一瞬の閃きと感覚でハンドメイドされた、至極のハッピーチャーム
テイ・トウワが通算4枚目となるアルバム『Flash』(2005年)をリリースするやいなや、音楽雑誌は一斉に「おもちゃ箱をひっくり返したような作品」という形容句でこの作品を迎えたものだ。
タイトでプラスティカルな質感を感じさせる極上ポップス群は、たしかに屈託のないほどの「おもちゃ感覚」に溢れている。でも、この「おもちゃ感覚」の接頭語に「オトナの」ていう言葉がくっつくと、途端に意味合いがエロス丸だしに変化するから実に危険だ。げに日本語って不思議なり。
このアルバムには、坂本龍一、カイリー・ミノーグ、野宮真貴、Buffalo Daughter、高野寛、立花ハジメ、アート・リンゼイ、DJ Uppercut、ケニー・ボビアンなどなど、豪華アーティストが多数参加している。
特に僕が注目したいのは森高千里がドラムを叩いてたり、平山あやがラップで参加してたりすること(ただし、平山あやのラップは聴いてみてもほとんど判別できず)。
不思議すぎる人選ではあるが、僕が思うにテイ・トウワが彼女たちを起用した理由は、単に森高千里と平山あやがカワイイからではないかと推察します。
そーゆーのってプロの音楽家としてどーなのよ、という生真面目な批判は、このアルバムの前には何の説得力も持たない。すなわちそれは、音楽に何かしらの意味を付与しようとしたり、芸術という名のもとに正当化されたマスターベーション行為から、はっきりと決別する意思なのである。

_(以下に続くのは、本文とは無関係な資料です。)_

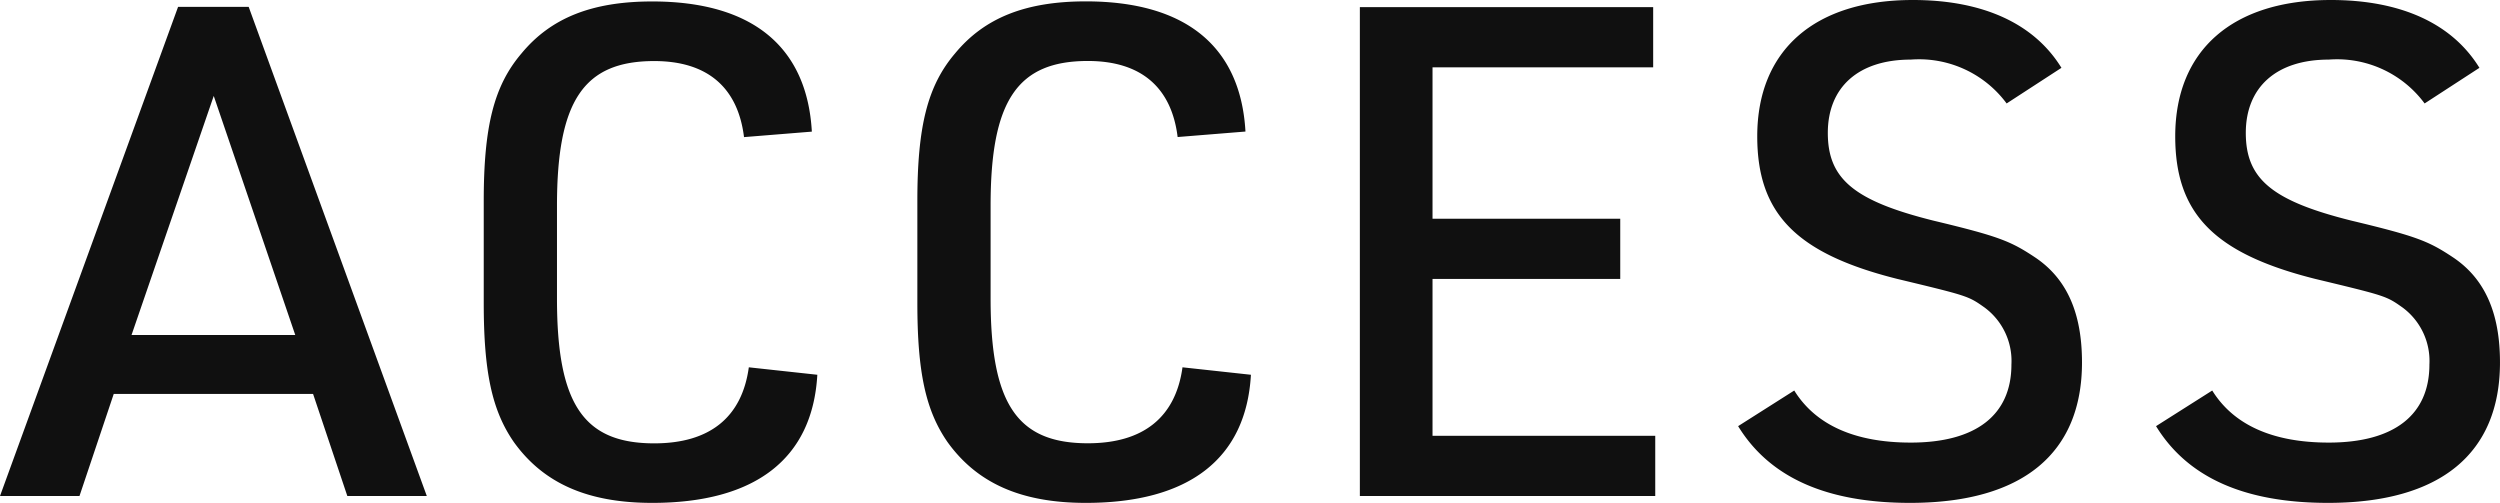 <svg xmlns="http://www.w3.org/2000/svg" width="120.417" height="24.222" viewBox="0 0 120.417 24.222">
  <path id="パス_5201" data-name="パス 5201" d="M-45.92-4.917-44.27,0h3.828l-8.58-23.562h-3.4L-61,0h3.828l1.65-4.917Zm-.858-2.838h-7.887l3.96-11.517ZM-24.932-6.2c-.33,2.409-1.881,3.663-4.554,3.663-3.4,0-4.686-1.881-4.686-6.963v-4.488c0-5.049,1.287-6.963,4.686-6.963,2.541,0,4.026,1.254,4.323,3.663l3.267-.264c-.231-4.092-2.871-6.27-7.689-6.27-2.9,0-4.884.792-6.3,2.508-1.32,1.551-1.815,3.5-1.815,7.1v4.917c0,3.333.4,5.181,1.452,6.7C-34.832-.627-32.72.33-29.585.33c4.95,0,7.722-2.112,7.953-6.171Zm20.889,0C-4.373-3.8-5.924-2.541-8.6-2.541c-3.4,0-4.686-1.881-4.686-6.963v-4.488c0-5.049,1.287-6.963,4.686-6.963,2.541,0,4.026,1.254,4.323,3.663l3.267-.264c-.231-4.092-2.871-6.27-7.689-6.27-2.9,0-4.884.792-6.3,2.508-1.32,1.551-1.815,3.5-1.815,7.1v4.917c0,3.333.4,5.181,1.452,6.7C-13.943-.627-11.831.33-8.7.33c4.95,0,7.722-2.112,7.953-6.171ZM4.5,0H18.728V-2.9H8v-7.557h9.042v-2.9H8v-7.293H18.628v-2.9H4.5ZM22.72-3.366C24.238-.891,26.977.33,31,.33c5.412,0,8.283-2.376,8.283-6.765,0-2.376-.726-4.026-2.244-5.049-1.188-.792-1.749-1.023-4.917-1.782-3.828-.957-5.082-2.013-5.082-4.224s1.485-3.531,3.993-3.531a5.246,5.246,0,0,1,4.62,2.112l2.64-1.716c-1.32-2.145-3.795-3.267-7.161-3.267-4.719,0-7.491,2.409-7.491,6.567,0,3.729,1.881,5.643,6.732,6.864,3.432.825,3.432.825,4.224,1.386a3.2,3.2,0,0,1,1.287,2.739c0,2.442-1.716,3.762-4.851,3.762-2.706,0-4.587-.858-5.61-2.508Zm20.13,0C44.368-.891,47.108.33,51.133.33c5.412,0,8.283-2.376,8.283-6.765,0-2.376-.726-4.026-2.244-5.049-1.188-.792-1.749-1.023-4.917-1.782-3.828-.957-5.082-2.013-5.082-4.224s1.485-3.531,3.993-3.531a5.246,5.246,0,0,1,4.62,2.112l2.64-1.716c-1.32-2.145-3.795-3.267-7.161-3.267-4.719,0-7.491,2.409-7.491,6.567,0,3.729,1.881,5.643,6.732,6.864,3.432.825,3.432.825,4.224,1.386a3.2,3.2,0,0,1,1.287,2.739c0,2.442-1.716,3.762-4.851,3.762-2.706,0-4.587-.858-5.61-2.508Z" transform="translate(61 23.892)" fill="#101010"/>
</svg>

軽くてパキパキとした手触りにはヘビィーな音圧は感じられないし、コード進行においてもドラマティックな展開は皆無だ。『Flash』には何のメッセージもない。ただただ、iPod世代のリスナーに音が消費されることだけが、念頭におかれているんである。
このアルバムは、まさにタイトル通り一瞬の閃きと感覚でハンドメイドされた、実に右脳的な作業による産物である。この“抜けの良さ”は尋常ではない。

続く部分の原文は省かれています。